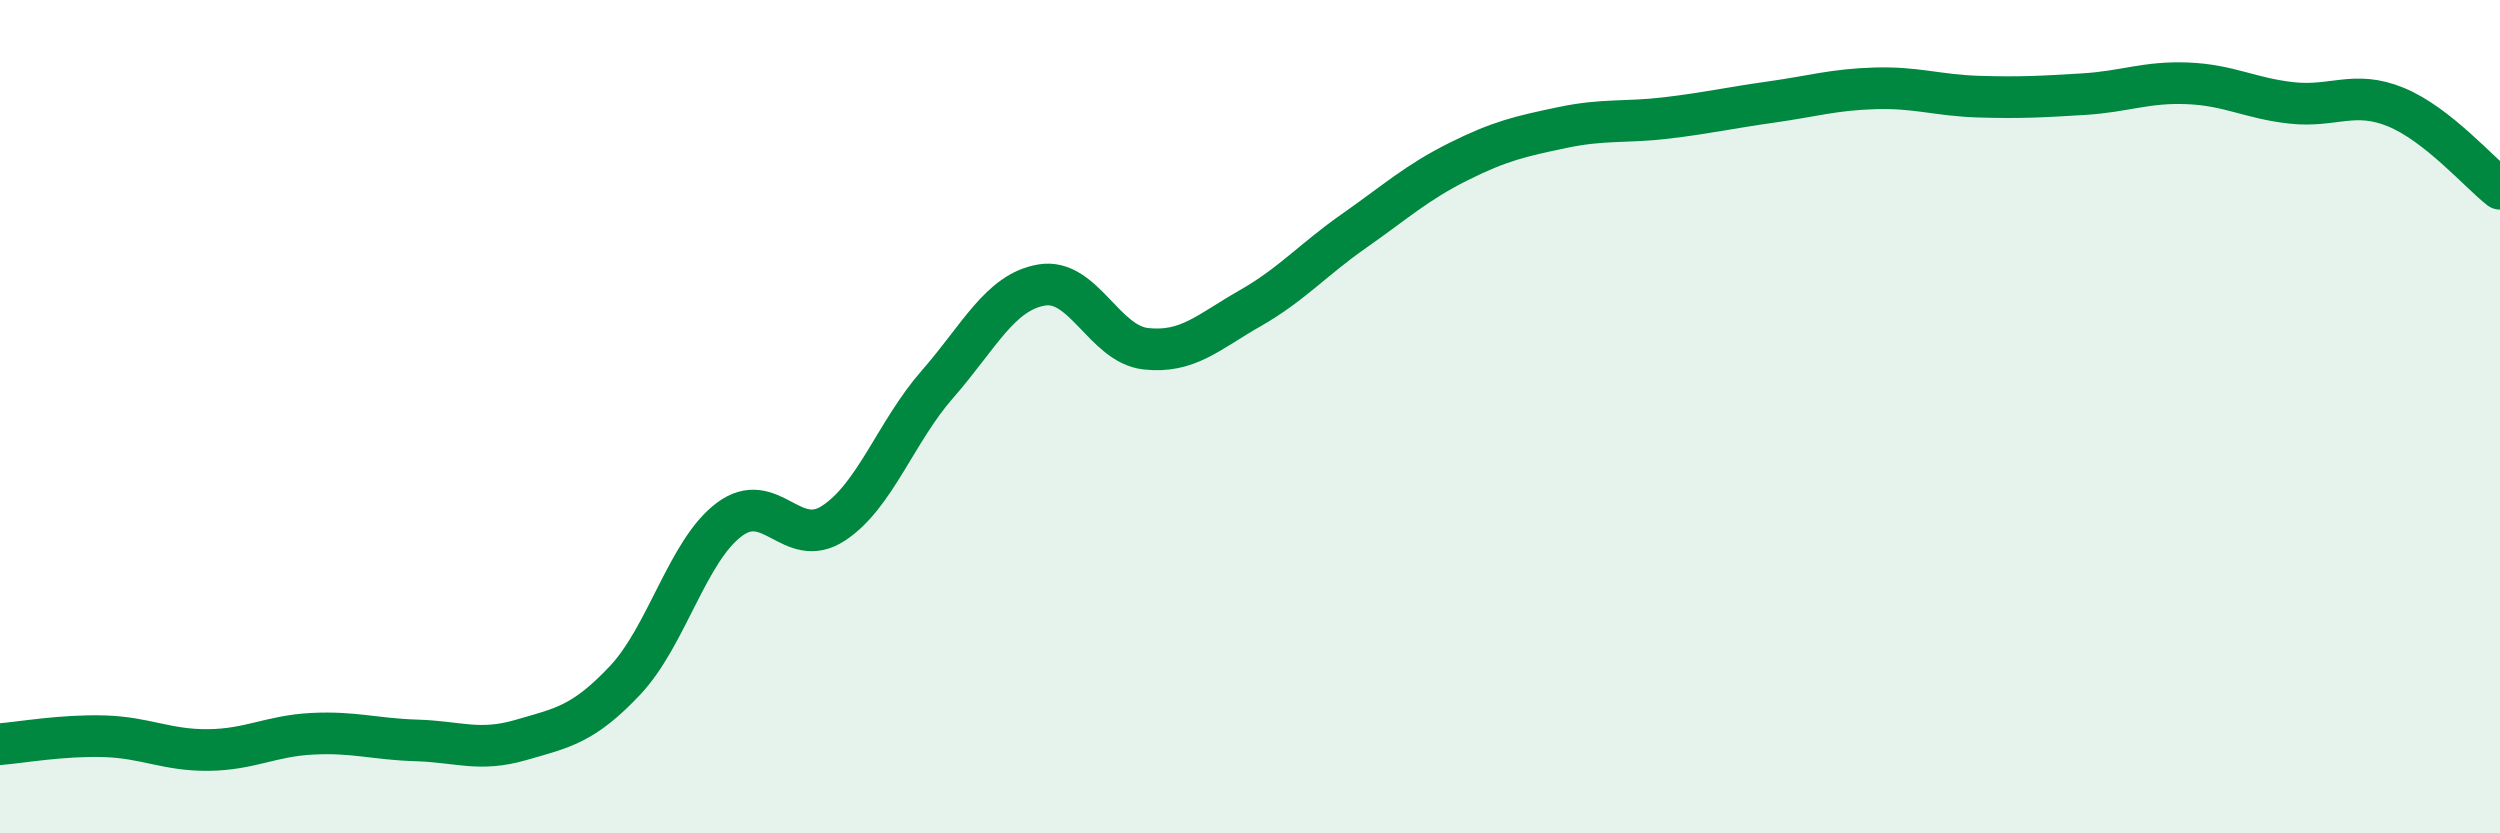 
    <svg width="60" height="20" viewBox="0 0 60 20" xmlns="http://www.w3.org/2000/svg">
      <path
        d="M 0,17.86 C 0.5,17.82 1.5,17.64 2.5,17.67 C 3.5,17.7 4,18.01 5,18 C 6,17.99 6.5,17.66 7.5,17.61 C 8.5,17.56 9,17.74 10,17.77 C 11,17.8 11.5,18.05 12.5,17.76 C 13.5,17.47 14,17.39 15,16.33 C 16,15.27 16.5,13.22 17.5,12.47 C 18.5,11.72 19,13.21 20,12.56 C 21,11.91 21.5,10.36 22.5,9.22 C 23.5,8.08 24,7.01 25,6.84 C 26,6.67 26.5,8.26 27.5,8.37 C 28.5,8.48 29,7.97 30,7.4 C 31,6.83 31.5,6.24 32.5,5.54 C 33.5,4.84 34,4.38 35,3.88 C 36,3.38 36.5,3.27 37.5,3.06 C 38.5,2.85 39,2.95 40,2.83 C 41,2.71 41.5,2.59 42.5,2.45 C 43.5,2.31 44,2.15 45,2.12 C 46,2.09 46.5,2.29 47.5,2.32 C 48.5,2.35 49,2.32 50,2.26 C 51,2.2 51.5,1.96 52.5,2 C 53.5,2.04 54,2.36 55,2.47 C 56,2.58 56.5,2.16 57.5,2.57 C 58.5,2.98 59.5,4.14 60,4.53L60 20L0 20Z"
        fill="#008740"
        opacity="0.1"
        stroke-linecap="round"
        stroke-linejoin="round"
      />
      <path
        d="M 0,17.86 C 0.5,17.82 1.5,17.64 2.5,17.67 C 3.5,17.7 4,18.01 5,18 C 6,17.99 6.5,17.66 7.5,17.61 C 8.5,17.56 9,17.74 10,17.77 C 11,17.8 11.5,18.05 12.5,17.76 C 13.5,17.47 14,17.39 15,16.33 C 16,15.27 16.5,13.22 17.5,12.47 C 18.5,11.72 19,13.21 20,12.56 C 21,11.91 21.5,10.36 22.5,9.22 C 23.5,8.08 24,7.01 25,6.84 C 26,6.67 26.5,8.26 27.5,8.37 C 28.5,8.48 29,7.97 30,7.4 C 31,6.83 31.5,6.24 32.5,5.54 C 33.5,4.84 34,4.38 35,3.88 C 36,3.38 36.5,3.27 37.5,3.06 C 38.5,2.85 39,2.95 40,2.83 C 41,2.71 41.5,2.59 42.5,2.45 C 43.5,2.31 44,2.15 45,2.12 C 46,2.09 46.5,2.29 47.5,2.32 C 48.5,2.35 49,2.32 50,2.26 C 51,2.2 51.5,1.96 52.5,2 C 53.5,2.04 54,2.36 55,2.47 C 56,2.58 56.5,2.16 57.5,2.57 C 58.5,2.98 59.5,4.14 60,4.53"
        stroke="#008740"
        stroke-width="1"
        fill="none"
        stroke-linecap="round"
        stroke-linejoin="round"
      />
    </svg>

□ □ □

PROBLEM REQUIREMENTS:
Nothing but a number belongs in the answer: the number of lines above that contain "width".

EXERCISE OUTPUT:
2